Visiting Artists
Ahead of a new programme theme in autumn 2024, Radar has invited a series of visiting artists to engage with research across Loughborough University’s two campuses.
Ahead of launching our new programme theme in Autumn 2024, Radar has invited a series of visiting artists to engage with research across Loughborough University’s East Midlands and London campuses.
Mathew Wayne Parkin
Mathew Wayne Parkin is a Radar visiting artist for the Summer term of 2024, pursuing their research into the physicality and performativity of sparring in sport, dialogue and interpersonal relationships, as well as accessibility and audio description in artist film. For their first visit, they will meet with Loughborough academics including Dr Eleanor Morgan and Professor Claire Warden (School of Design and Creative Arts) and Dr Emma Pullen (School of Exercise, Sport and Health Sciences), as well as sharing their work with Fine Art students.
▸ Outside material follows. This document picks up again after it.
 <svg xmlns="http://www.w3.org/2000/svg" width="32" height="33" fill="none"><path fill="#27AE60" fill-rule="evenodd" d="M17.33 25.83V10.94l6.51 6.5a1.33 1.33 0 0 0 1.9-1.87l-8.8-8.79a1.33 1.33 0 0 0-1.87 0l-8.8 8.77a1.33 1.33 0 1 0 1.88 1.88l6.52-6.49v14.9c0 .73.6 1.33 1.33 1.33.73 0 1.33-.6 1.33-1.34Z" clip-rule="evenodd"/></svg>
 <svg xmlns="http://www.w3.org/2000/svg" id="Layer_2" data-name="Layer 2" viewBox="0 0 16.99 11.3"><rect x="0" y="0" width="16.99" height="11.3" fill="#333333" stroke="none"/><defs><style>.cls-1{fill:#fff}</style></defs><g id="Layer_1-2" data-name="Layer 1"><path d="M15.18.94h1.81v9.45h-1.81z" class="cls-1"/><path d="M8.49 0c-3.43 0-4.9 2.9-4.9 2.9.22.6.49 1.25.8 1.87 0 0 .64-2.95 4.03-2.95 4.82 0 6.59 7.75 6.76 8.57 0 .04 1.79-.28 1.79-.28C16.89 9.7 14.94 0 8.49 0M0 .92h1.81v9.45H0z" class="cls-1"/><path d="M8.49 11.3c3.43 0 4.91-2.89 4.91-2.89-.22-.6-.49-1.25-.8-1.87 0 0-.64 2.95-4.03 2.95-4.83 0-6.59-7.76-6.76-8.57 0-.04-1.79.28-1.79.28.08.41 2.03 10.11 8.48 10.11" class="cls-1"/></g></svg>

Radar is a partner on Parkin’s solo exhibition and new body of work currently on view at London’s Cubitt Gallery as part of the programme Feeling Still in a World Which Runs, curated by Seán Elder. Comprising moving-image and sculpture, I can fit a fist in my mouth engages with acts of withdrawal, censorship, violence and memorial within intimate relationships, with particular attention given to the ways that ethics and the interpersonal play out in relation to one another. More details on the exhibition can be found here.
Nat Raha
Radar has invited poet Nat Raha to perform as part of the Gestation: Bodies, Technologies, Ecologies, Justice programme. Nat’s performance will connect to themes of queer and transfeminist world-making, and collective living as a resistant practice, in a lineage of queer and trans feminist of colour thought. This continues a dialogue between Nat and Institute of Advanced Studies (IAS) visiting fellow Dr Sophie Lewis, who will be speaking as part of the wider roundtable events. This is the first part of Nat’s work with Radar, which will unfold in our programmes later this year.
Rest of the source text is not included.